(Records from a data collection)
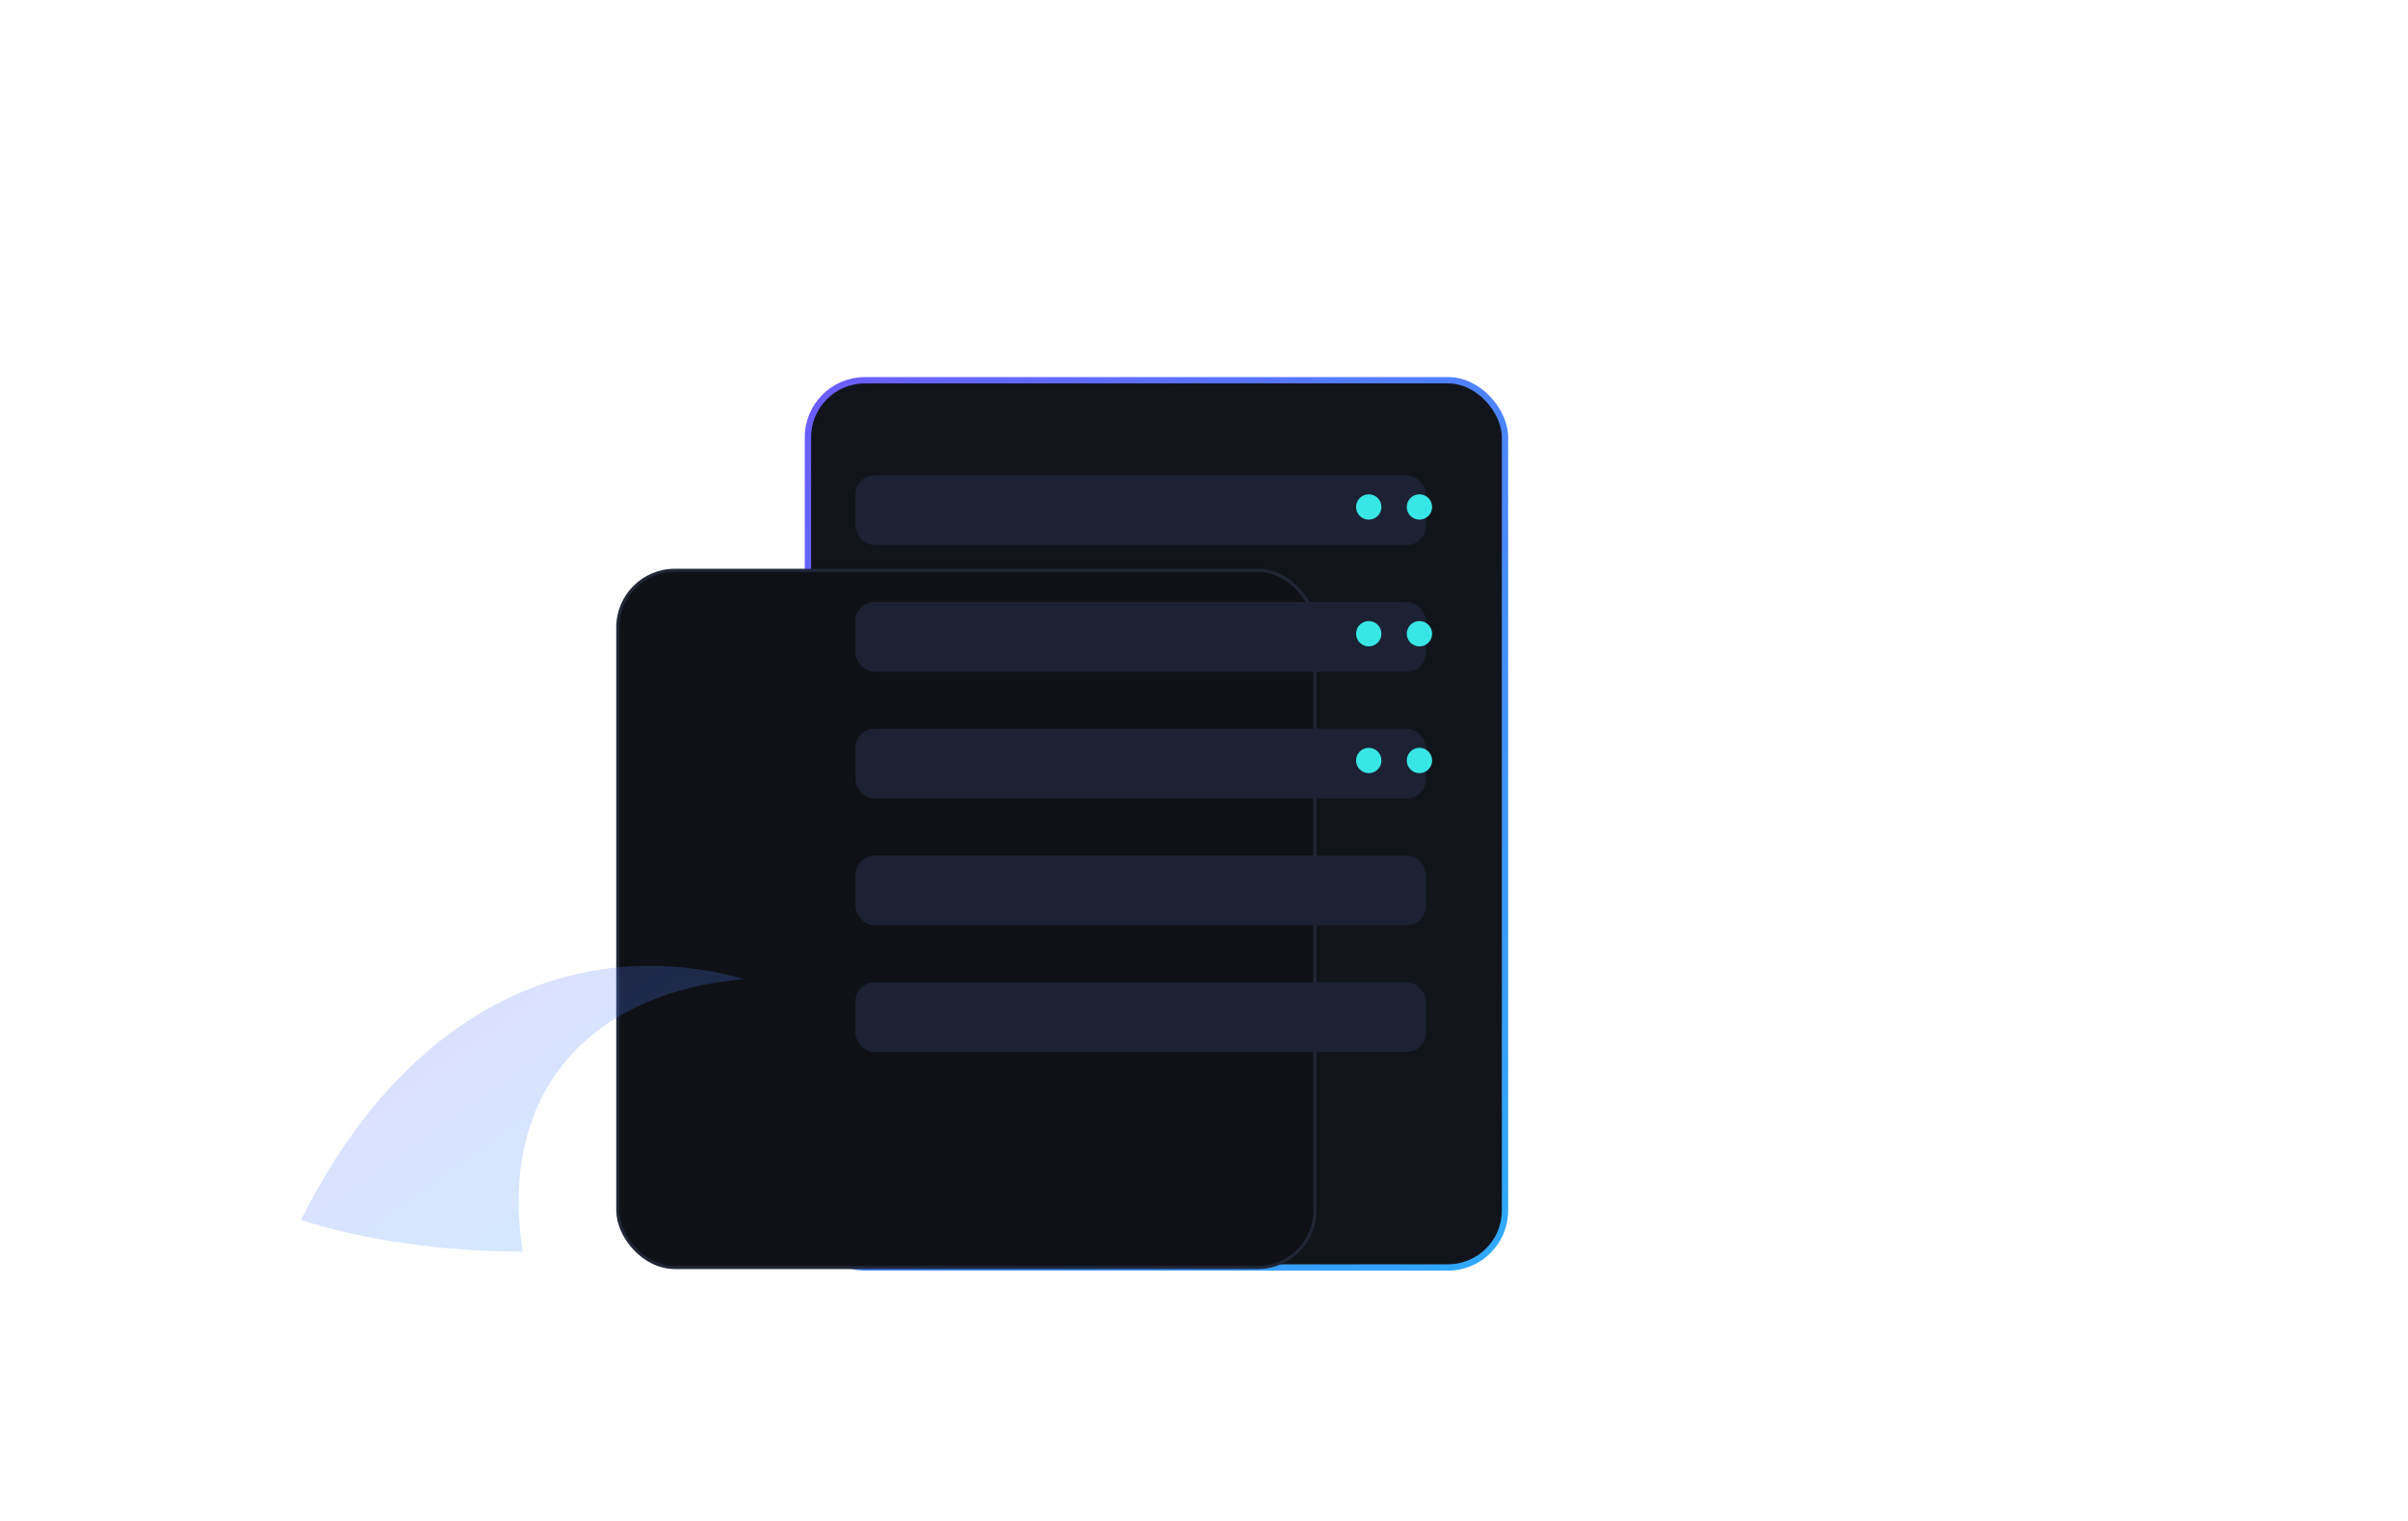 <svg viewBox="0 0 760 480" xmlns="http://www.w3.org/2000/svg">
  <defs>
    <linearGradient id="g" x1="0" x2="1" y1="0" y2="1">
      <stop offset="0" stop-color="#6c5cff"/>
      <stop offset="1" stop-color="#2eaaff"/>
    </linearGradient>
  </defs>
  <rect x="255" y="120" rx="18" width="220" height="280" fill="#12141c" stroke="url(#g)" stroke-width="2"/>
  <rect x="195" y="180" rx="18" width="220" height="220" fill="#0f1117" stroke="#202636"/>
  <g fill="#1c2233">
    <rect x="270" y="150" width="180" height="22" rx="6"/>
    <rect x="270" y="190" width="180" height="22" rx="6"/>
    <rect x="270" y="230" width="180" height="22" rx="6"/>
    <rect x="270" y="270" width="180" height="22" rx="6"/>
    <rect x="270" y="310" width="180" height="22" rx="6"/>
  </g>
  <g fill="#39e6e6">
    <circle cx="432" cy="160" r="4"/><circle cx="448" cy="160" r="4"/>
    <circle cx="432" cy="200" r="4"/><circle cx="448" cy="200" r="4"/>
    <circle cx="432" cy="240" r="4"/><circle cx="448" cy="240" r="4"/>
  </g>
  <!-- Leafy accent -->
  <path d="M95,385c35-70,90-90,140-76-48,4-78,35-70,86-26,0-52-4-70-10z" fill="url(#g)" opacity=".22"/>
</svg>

REQUIREMENT:
Count the lines in the records above that contain "stroke". Reply with the number only.

YOUR SOLUTION:
2